%%

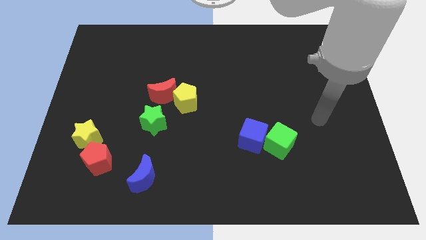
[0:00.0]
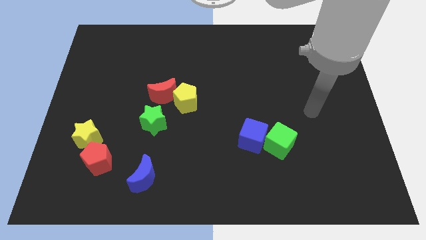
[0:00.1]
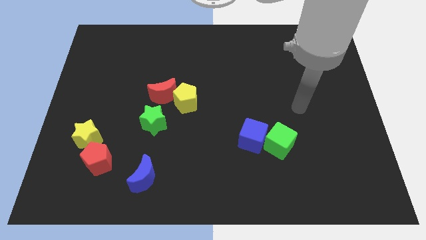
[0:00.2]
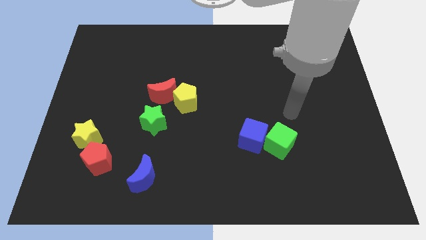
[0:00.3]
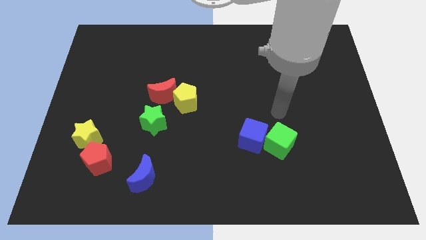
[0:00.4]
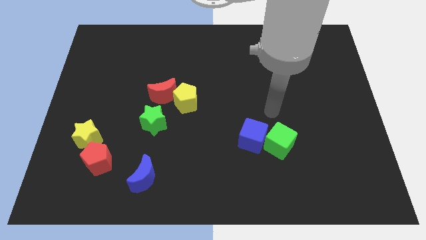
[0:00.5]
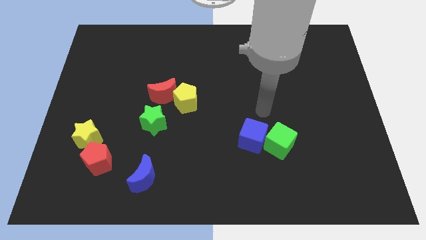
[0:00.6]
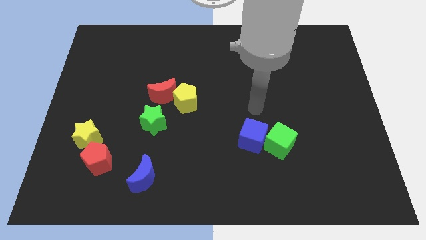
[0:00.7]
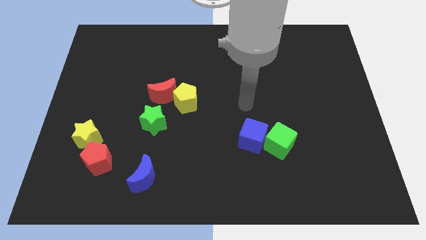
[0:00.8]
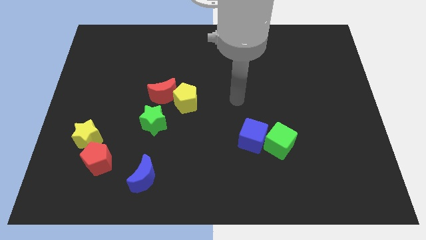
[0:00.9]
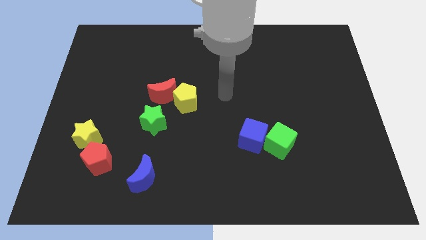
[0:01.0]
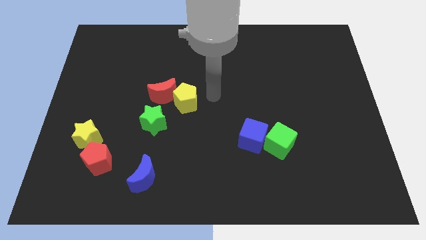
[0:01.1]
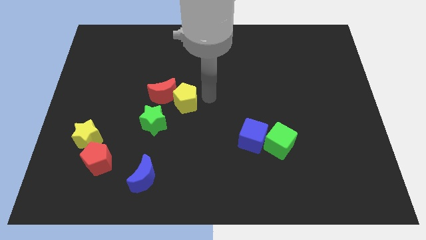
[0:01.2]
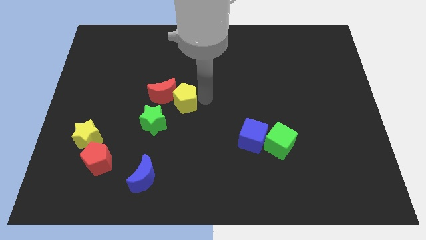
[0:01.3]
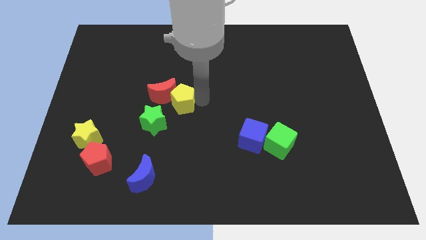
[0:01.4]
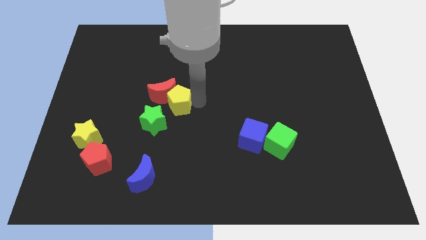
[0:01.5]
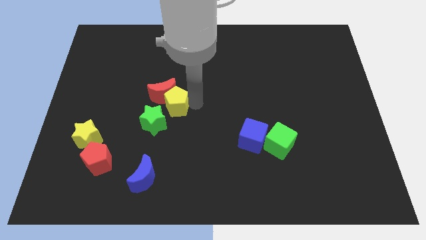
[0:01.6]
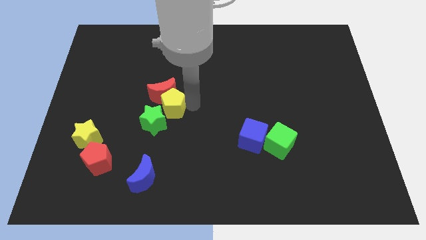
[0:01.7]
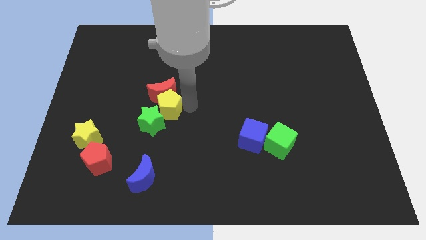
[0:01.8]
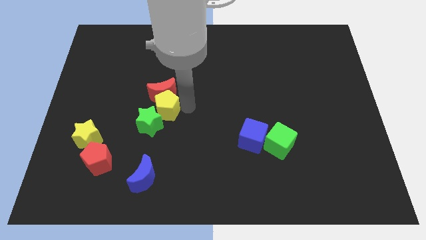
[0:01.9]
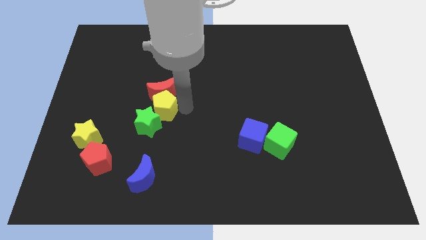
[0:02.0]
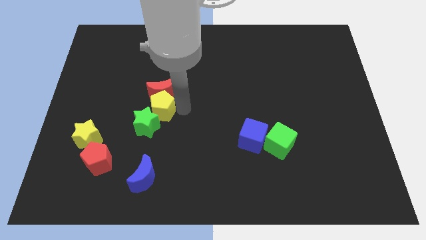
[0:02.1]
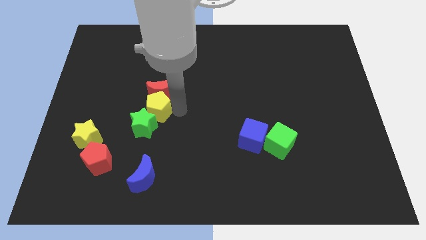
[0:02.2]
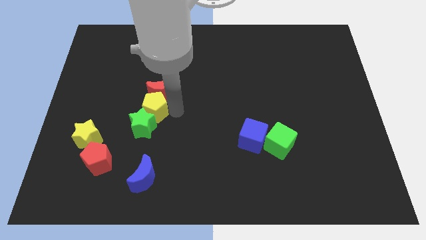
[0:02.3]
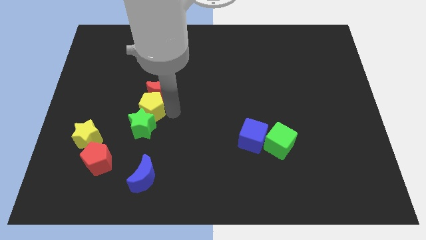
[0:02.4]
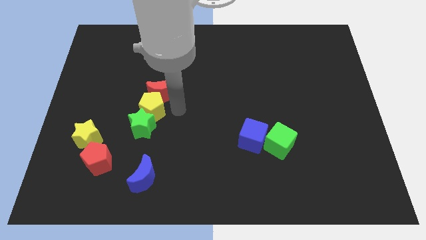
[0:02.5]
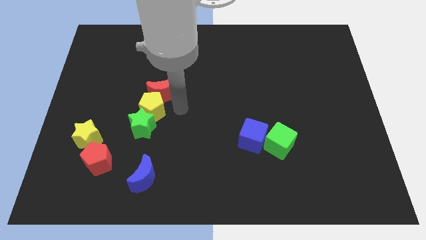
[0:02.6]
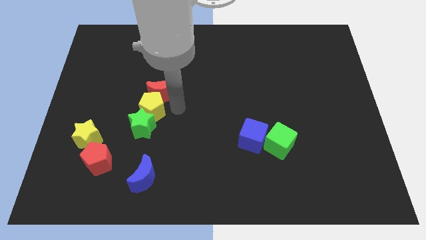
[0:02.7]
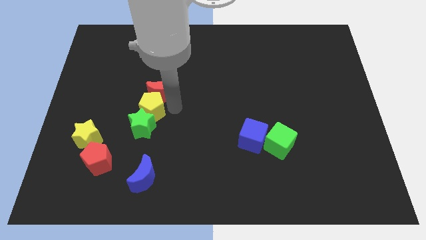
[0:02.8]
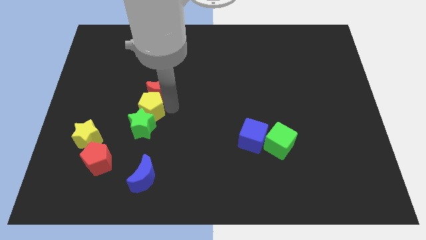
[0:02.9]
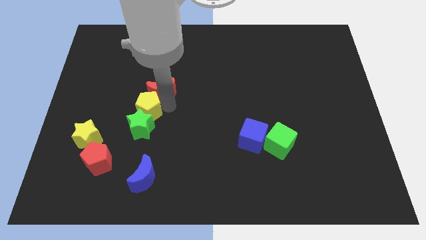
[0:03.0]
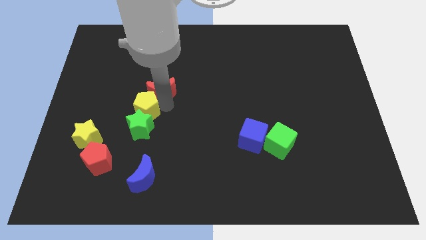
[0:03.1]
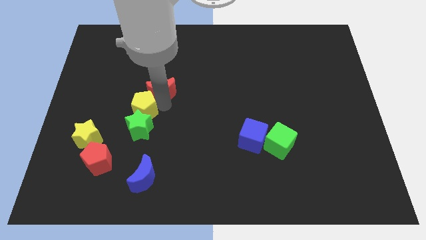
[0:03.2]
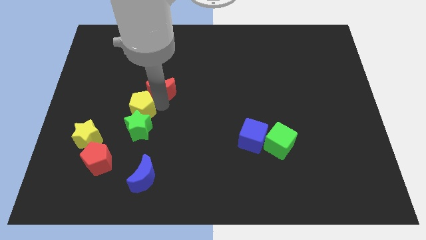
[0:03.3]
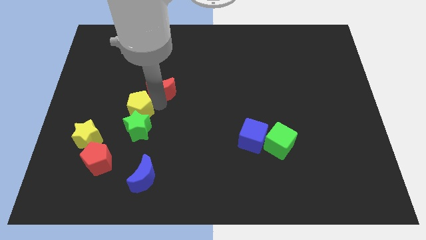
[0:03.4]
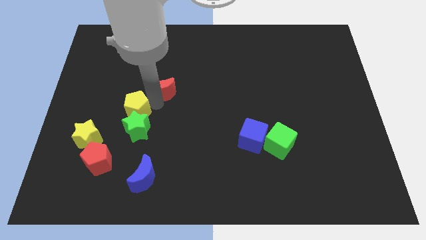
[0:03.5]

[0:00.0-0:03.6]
push the yellow pentagon diagonally up and to the right of the yellow star

%%

Exercise directions: Leave the pictures out and transcribe the remaining material exactly.

Output of the exercise:
[0:00.0]
[0:00.1]
[0:00.2]
[0:00.3]
[0:00.4]
[0:00.5]
[0:00.6]
[0:00.7]
[0:00.8]
[0:00.9]
[0:01.0]
[0:01.1]
[0:01.2]
[0:01.3]
[0:01.4]
[0:01.5]
[0:01.6]
[0:01.7]
[0:01.8]
[0:01.9]
[0:02.0]
[0:02.1]
[0:02.2]
[0:02.3]
[0:02.4]
[0:02.5]
[0:02.6]
[0:02.7]
[0:02.8]
[0:02.9]
[0:03.0]
[0:03.1]
[0:03.2]
[0:03.3]
[0:03.4]
[0:03.5]

[0:00.0-0:03.6]
push the yellow pentagon diagonally up and to the right of the yellow star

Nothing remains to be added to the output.